In early cervical cancers without nodal spread, the most common tactic is close observation with periodic imaging to rule out spread; therapy is given after delivery, Dr. Phillippe Morice wrote in the Lancet section’s review on gynecologic malignancies (Lancet 2012;379:558-69).
"Delayed treatment until fetal maturation for patients with stage IA disease has an excellent prognosis and is now the standard of care," wrote Dr. Morice of the Institut de Cancérologie Gustave-Roussy in Villejuif, France.
Locally advanced disease is often not compatible with pregnancy. "The main treatment choice is either neoadjuvant chemotherapy or chemotherapy and radiotherapy. In pregnant patients, this approach means that the pregnancy must be ended before the initiation of therapy, but in exceptional cases in which surgery to end the pregnancy is not technically feasible ([that is], a bulky cervical tumor), radiation therapy can be delivered with the fetus in utero, resulting in a spontaneous abortion in about 3 weeks," he wrote.
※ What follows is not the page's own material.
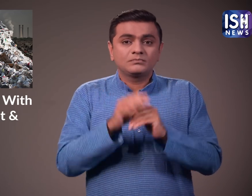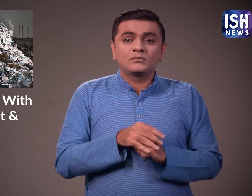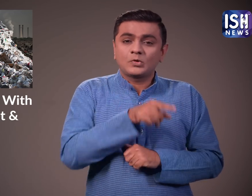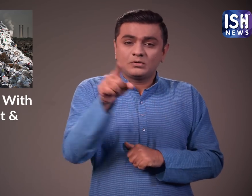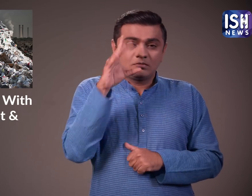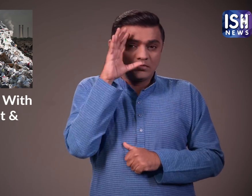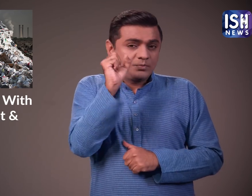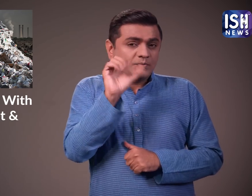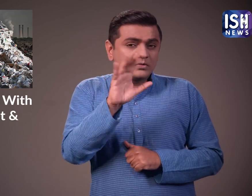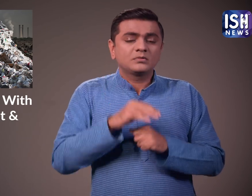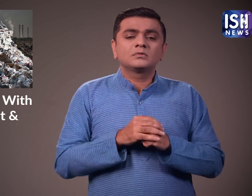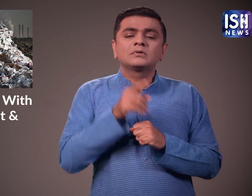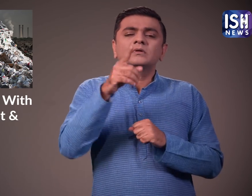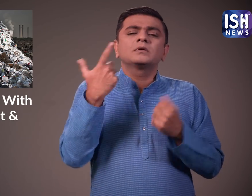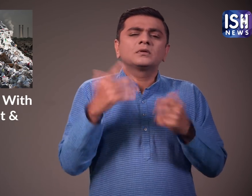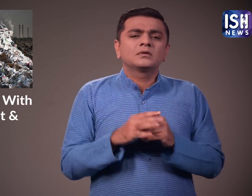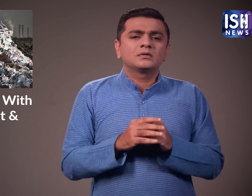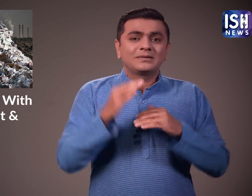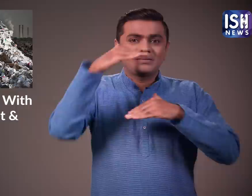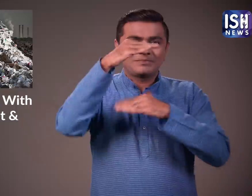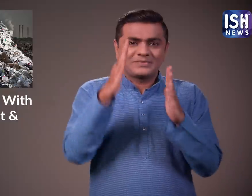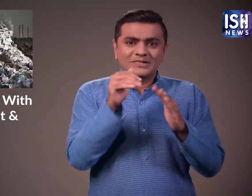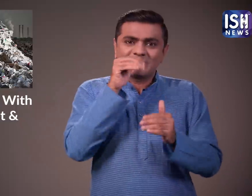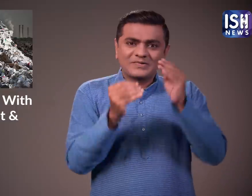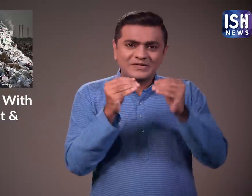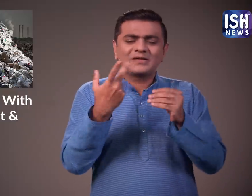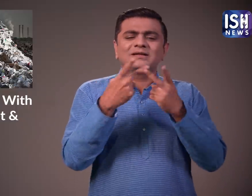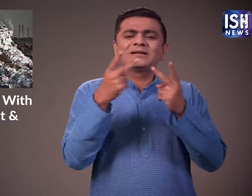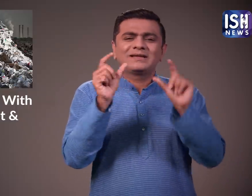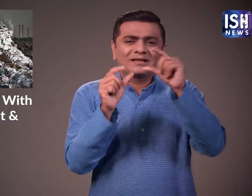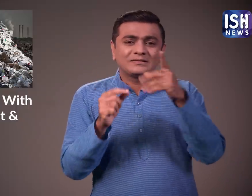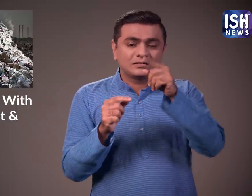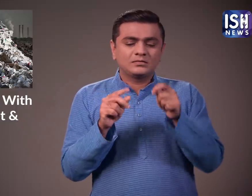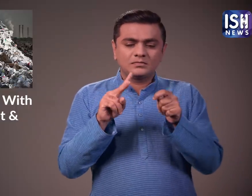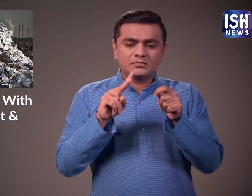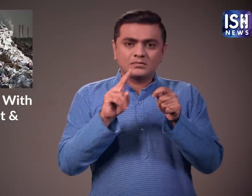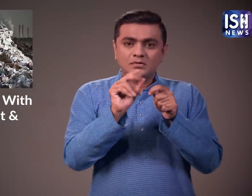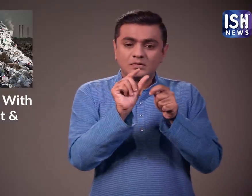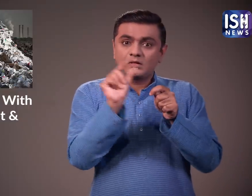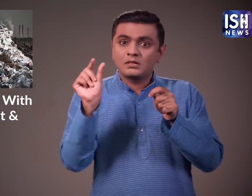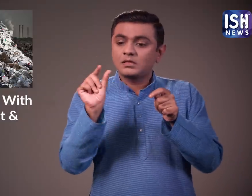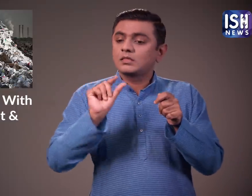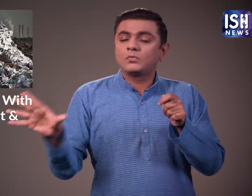याद रखे यदि आप दूद के पैकेट या पाउच से एक छोटा टुकड़ा काटते हैं तो उसे एक तरफ रख दे,

Ovarian tumors can be surgically staged and – if it is of low malignant potential – can be laparoscopically removed, usually without endangering the pregnancy. Large tumors or those with aggressive pathology, like epithelial tumors, are much more difficult. Advanced or large tumors often have uterine and pelvic involvement, and treatment usually means a hysterectomy.
The literature contains reports of a very few women who have undergone chemotherapy to control peritoneal spread while keeping a pregnancy. However, despite giving birth to normally developed children, a number of these women died from recurrent disease, Dr. Morice noted.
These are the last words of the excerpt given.